The main strength of the paper is that it presents the various issues
faced in the design of XML query languages and then tries to address
some of these issues specifically. It lays down some guidelines for other
query languages that might be
designed.
But the drawback of the paper is that first of all, it is just a specification paper, and hence, there is no place for any evaluation of the language. Secondly, the language itself seems to have been designed hastily, and has ignored some of the issues brought forth by the authors themselves at the beginning. Moreover there is no discussion on how the queries could be optimized using their language or how practical the language is in a real-world implementation.
NiagaraCQ: A Scalable Continuous Query System for Internet Databases
This paper describes the design of an internet query engine for continuous queries which may be based on value or time. The query engine, NiagaraCQ, described here groups together queries on the basis of certain commonality features, and does common computation followed by result splitting for all queries within a group.
The main strength of the paper is that it uses many of traditional database
operations for optimizing the query computation and storage of intermediate
data. It allows incremental grouping of quries and allows the usage of
an internet query
language such as XML-QL.
The main weakness of the paper is that the grouping critrion used in the paper is somewhat specific and could be different in different scenarios. A more generalized approcah might be more benefitial. Also the experiments were conducted using a very small and specific data set, and the queries used were also artificial. It may be more interesting to see how this system behaves in a real web environment.
NiagaraCQ: A Scalable Continuous Query System for Internet Databases
Although most people in class argued that this paper was not organized
well and the experiments are too simple to be applicable on web environment.
We can still learn some good ideas in this paper. The basic point the authors
want to argue
is that the continuous queries on a web server share some common structures
or signatures. So we can group them based on their signatures. Unfortunately,
the paper only talks about two simple signatures. How to group queries
on a complicate signature is still a open topic. One problem I am really
concerned about the grouping policy is that the constant table also grows
incrementally. When the table size is close to the total number of possible
constant values in the data source, it will be no help to use the group
query plan. In particular, if the data source is very large, the jointed
group query plan may be very inefficient. One way out of this is to group
those most frequent queries only. We can in fact look a group as a dynamic
cache whose size if fixed. The replacement is based the execution frequency
of the queries. For the timer-based queries, the execution frequency is
obvious. But for the change-based queries, we need predict the frequency.

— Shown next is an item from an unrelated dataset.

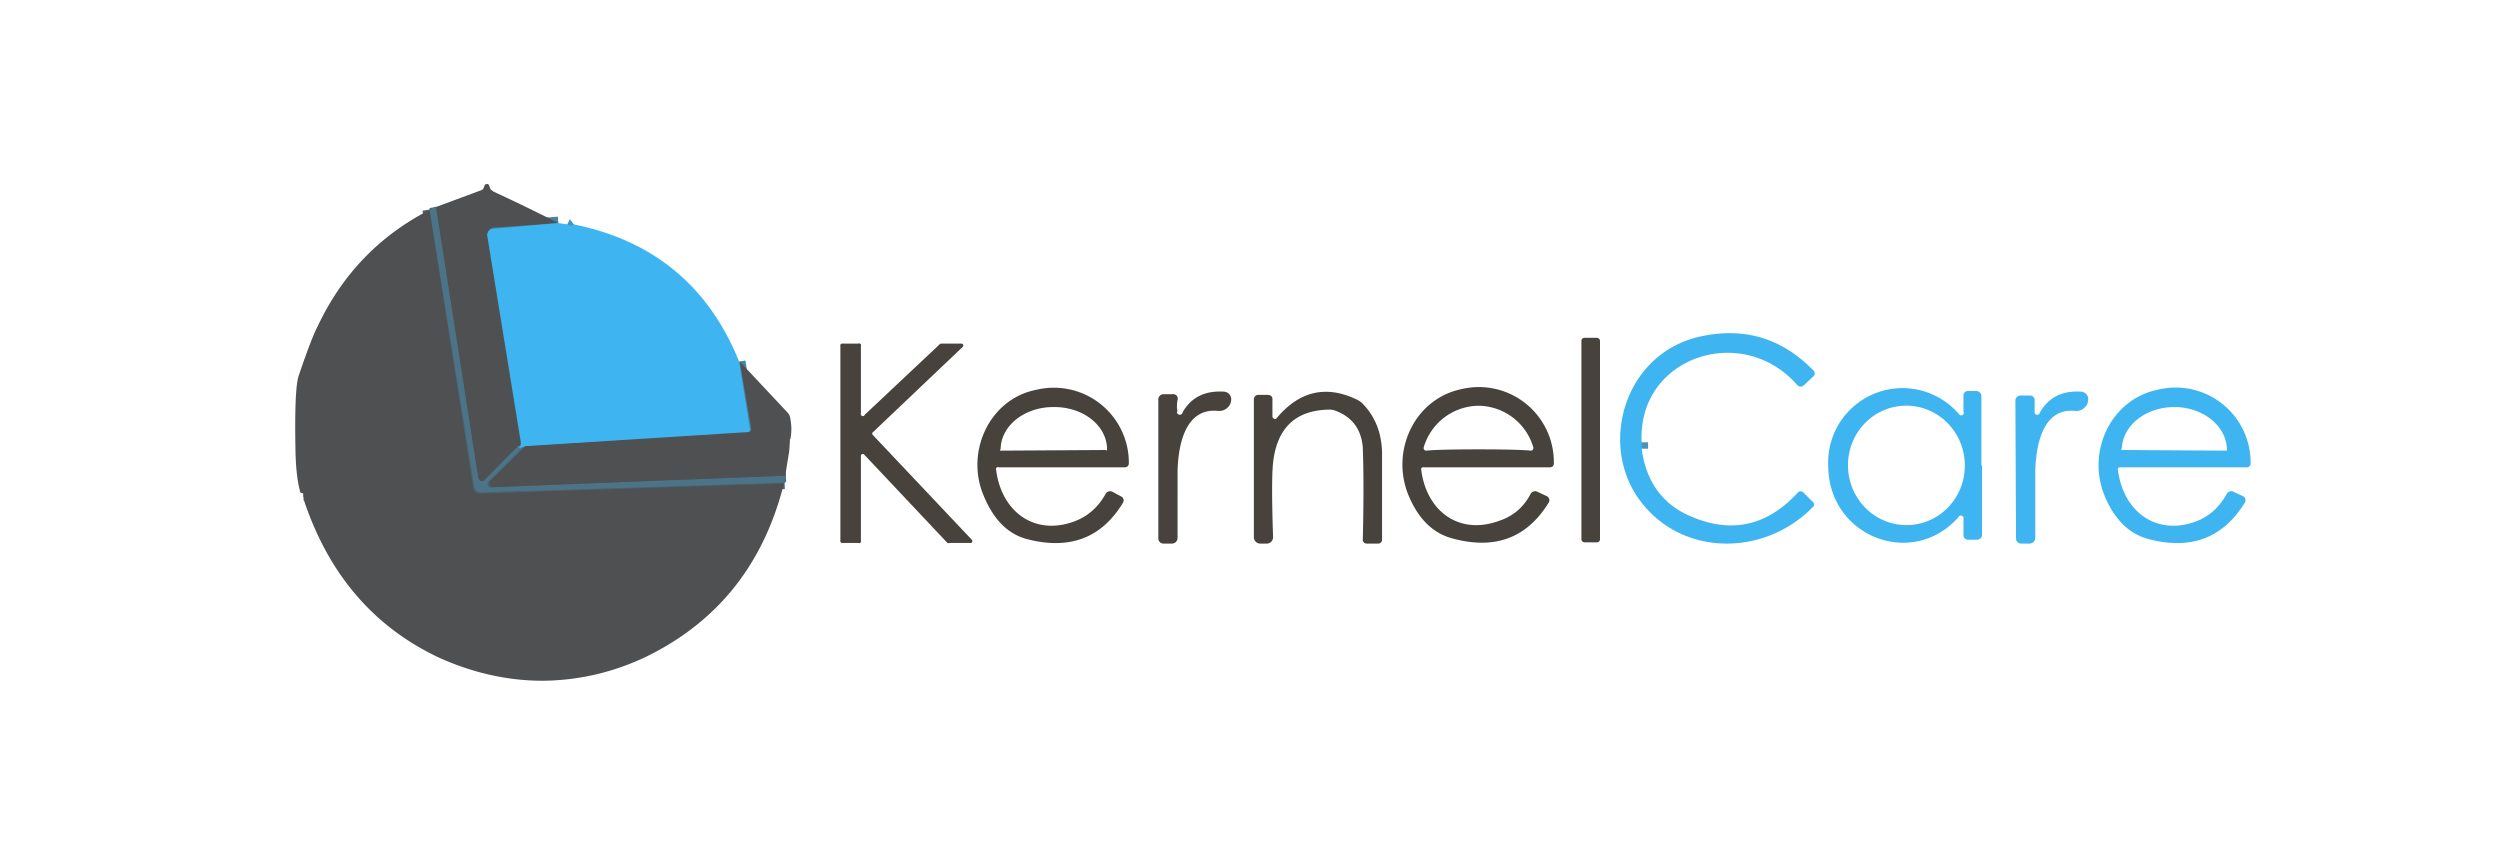 <svg xmlns="http://www.w3.org/2000/svg" viewBox="0 0 390 134"><g fill="none" stroke-width="2"><path stroke="#4783a1" d="m87.1 34.8-10.1.7a1 1 83.2 0 0-.9 1.1l5.2 32q.2 1-.4 1" vector-effect="non-scaling-stroke"/><path stroke="#4d626d" d="M81 69.5 75.5 75a.6.6 0 0 1-1-.3L68 32.3" vector-effect="non-scaling-stroke"/><path stroke="#4595bd" d="M81 69.5q.3.4.8.1" vector-effect="non-scaling-stroke"/><path stroke="#4d626d" d="M81.8 69.6 76.4 75a.6.6 0 0 0 .6 1l45.6-1.8" vector-effect="non-scaling-stroke"/><path stroke="#4d626d" d="m122.4 75.3-47.5 1.5a1 1 0 0 1-1-.9l-7-43.2" vector-effect="non-scaling-stroke"/><path stroke="#4595bd" d="M88.5 35q.6.3 1 0" vector-effect="non-scaling-stroke"/><path stroke="#4783a1" d="M115.3 56.4 117 67a.5.5-7.3 0 1-.4.5l-34.9 2.2" vector-effect="non-scaling-stroke"/><path stroke="#4595bd" d="M256.1 69v1" vector-effect="non-scaling-stroke"/></g><path fill="#4f5051" d="m87.1 34.8-10.1.7a1 1 83.2 0 0-.9 1.1l5.2 32q.2 1-.4 1l-5.3 5.3a.6.6 0 0 1-1-.3L68 32.3l7-2.6a.7.7 87 0 0 .5-.5l.1-.3a.4.4 0 0 1 .7 0l.2.6.5.4q5 2.3 10.1 4.9Z"/><path fill="#4b7489" d="m68 32.3 6.6 42.3a.6.6 0 0 0 1 .3l5.3-5.4q.4.4 1 .1L76.3 75a.6.6 0 0 0 .7 1l45.6-1.8-.1 1.1L75 76.8a1 1 0 0 1-1-.9l-7-43.2 1-.5Z"/><path fill="#4f5051" d="M67 32.7 73.8 76a1 1 0 0 0 1 1l47.5-1.6q-4.7 18.8-21.4 27-7.7 3.7-16.2 3.8-8.2 0-16.2-3.6Q53.2 95.4 47.4 78l-.1-.9q0-.2-.3-.2a.3.3 0 0 1-.2-.3q-.6-2.2-.7-6-.2-10 .5-12 2-5.9 3-7.8 5.7-12 17.3-18Z"/><path fill="#3eb5f1" d="m87.1 34.8 1.4.2q.6.3 1 0 18.7 3.8 25.8 21.4L117 67a.5.5-7.3 0 1-.4.5l-34.9 2.2q-.5.3-.9 0 .6 0 .4-1l-5.2-32a1 1 83.2 0 1 .9-1l10.1-.9Z"/><path fill="#4b7489" d="M89.5 35q-.4.3-1 0 .5.2 1 0Z"/><path fill="#3eb5f1" d="M256.1 69v1q1 7.4 7.1 10.3 9.9 4.6 17.3-3.5a.6.6-45 0 1 .8 0l1.5 1.5a.5.5 46.2 0 1 0 .8c-7.3 7.5-19.7 7.8-26.4-.3-7.4-8.8-3.2-24 9.3-26.4q10-2 17.2 5.4a.6.6-44 0 1 0 .9l-1.5 1.4a.7.7 0 0 1-1 0c-8.6-9.9-25-4.4-24.3 8.9Z"/><path fill="#47423b" d="M249.6 84.2a.5.5 0 0 1-.4.4h-2a.5.5 0 0 1-.5-.4v-31a.5.5 0 0 1 .4-.5h2a.5.5 0 0 1 .5.5v31Zm-118.5.1V54a.3.3 0 0 1 .3-.4h2.5a.3.3 0 0 1 .4.4v10.5a.3.3 0 0 0 .6.2l11.7-11a.3.3 0 0 1 .2-.1h3.2a.3.3 0 0 1 .2.5l-14 13.3a.3.3 0 0 0 0 .5l15.4 16.3a.3.3 0 0 1-.3.5h-3.2a.3.3 0 0 1-.3 0l-13-13.8a.3.3 0 0 0-.5.2v13.2a.3.3 0 0 1-.4.4h-2.5a.3.3 0 0 1-.3-.4Z"/><path fill="#4f5051" d="m123.2 68.5-.1 2-.6 3.7L77 76a.6.6 0 0 1-.5-1l5.4-5.4 34.9-2.2a.5.5-7.3 0 0 .4-.5l-1.8-10.5 7.5 8a1.6 1.6-72.6 0 1 .4 1q.3 1.5 0 3.1Z"/><path fill="#47423b" d="m173.5 76.7 1.5.8a.7.7 0 0 1 .2.9q-5 8.3-15 5.7-4.5-1.2-6.8-6.9c-2.8-6.8 1-15 8.3-16.4a11.7 11.7 0 0 1 14.4 11.5.6.6-.4 0 1-.6.6h-19.7a.3.3 0 0 0-.4.4c.8 6.5 6 10.4 12.3 8q3.1-1.2 4.8-4.3a.8.8 0 0 1 1-.3Zm-17.3-6.4 16.3-.1a.1.1 0 0 0 .2-.1 8.2 6.6-.2 0 0-8.2-6.6h-.3a8.2 6.6-.2 0 0-8.1 6.6.1.1 0 0 0 0 .2Zm83.6 6.4 1.5.7a.7.7 0 0 1 .3 1q-5.1 8.3-15 5.6-4.6-1.2-6.9-6.8c-2.8-6.9 1-15 8.3-16.5a11.7 11.7 0 0 1 14.4 11.5.6.6-.4 0 1-.6.7h-19.7a.3.3 0 0 0-.4.3c.8 6.6 6 10.4 12.3 8q3.2-1.1 4.8-4.2a.8.8 0 0 1 1-.3Zm-9.1-6.6q6 0 8.1.2a.4.4 0 0 0 .4-.5 9 9 0 0 0-8.5-6.5 9 9 0 0 0-8.6 6.5.4.4 0 0 0 .4.5q2.1-.2 8.2-.2Z"/><path fill="#3eb5f1" d="M309.2 72.6v10.9a.8.8 0 0 1-.8.7H307a.7.7 0 0 1-.7-.7V81a.4.4 0 0 0-.8-.3c-7.2 8.1-20.3 3-20.3-8.1a11.6 11.6 0 0 1 20.4-8 .4.4 0 0 0 .7-.4v-2.5a.7.7.3 0 1 .8-.7h1.2a.8.8 0 0 1 .8.8v10.8Zm-12.3-9.3a9.3 9.1-93.3 0 0-8.6 9.8 9.3 9.1-93.3 0 0 9.6 8.8 9.3 9.1-93.3 0 0 8.6-9.8 9.3 9.1-93.3 0 0-9.6-8.8Zm53.3 15.1q-5.1 8.3-15 5.7-4.6-1.2-6.9-6.8c-2.8-6.9 1-15 8.3-16.5a11.7 11.7 0 0 1 14.5 11.5.6.6-.5 0 1-.7.6h-19.7a.3.3 0 0 0-.3.4c.8 6.5 6 10.4 12.3 8q3-1.2 4.7-4.3a.8.8 0 0 1 1-.3l1.5.7a.7.7 0 0 1 .3 1ZM331 70.2l16.4.1v-.1a8.2 6.7.3 0 0-8-6.7h-.3A8.2 6.7.3 0 0 331 70a.1.1 0 0 0 0 .2Z"/><path fill="#47423b" d="M183.6 64.2a.4.4 0 0 0 .9.1q2-3.5 6.5-3.2a1.2 1.2 11.7 0 1 1 1.6v.1a1.9 1.9 12.5 0 1-2 1.3c-5.1-.5-6.2 5.3-6.3 9.4V84a.9.9 0 0 1-.9.8h-1.3a.8.8 0 0 1-.8-.8V62.3a.8.8 0 0 1 .8-.8h1.4a.7.7 0 0 1 .8.9q-.2 1 0 1.8Zm14.9-2V65a.4.4 0 0 0 .6.3q5.3-6.4 12.5-3a3.3 3.2-8.7 0 1 1 .7q2.9 3 3 7.6v13.6a.6.6 0 0 1-.6.6h-1.8a.6.6.9 0 1-.6-.7q.2-8.5 0-14.2-.3-4.3-4.2-5.8a2.7 2.6-34.3 0 0-1-.2q-7.9.1-8.8 8.3-.3 2.8 0 11.6a1 1 0 0 1-1.1 1h-.9a1 1 0 0 1-1-1V62.3a.7.7 0 0 1 .7-.7h1.5a.7.6 0 0 1 .7.6Z"/><path fill="#3eb5f1" d="M317.4 64.2a.4.4 0 0 0 .8.2q2-3.6 6.5-3.3a1.2 1.2 11.6 0 1 1 1.6v.1a1.9 1.9 0 0 1-2 1.3c-5-.5-6.1 5.3-6.2 9.4V84a.9.9 0 0 1-.9.8h-1.3a.8.8 0 0 1-.8-.8l-.1-21.5a.8.8 0 0 1 .8-.8h1.5a.7.7 0 0 1 .7.8v1.8Z"/><path fill="#47423b" d="m123.2 68.5-.1 2v-2Z"/><path fill="#4b7489" d="M256.2 70v-1 1Z"/><path fill="#47423b" d="m47.4 78-.1-.9q.2.2 0 1Z"/></svg>

To apply the ideas to web proxies, we are expecting both the servers and the proxies to support query grouping. However the queries on a server could be a complicate join query from a proxy. Assuming the the grouping works well in the proxies and there are not so many different grouped queries, the server can apply more aggressive optimization to the query groups from proxies.On the other hand, we are expecting to reduce the communication traffic between servers and proxies if only intermediate results of q query group need to be passed from server to proxy.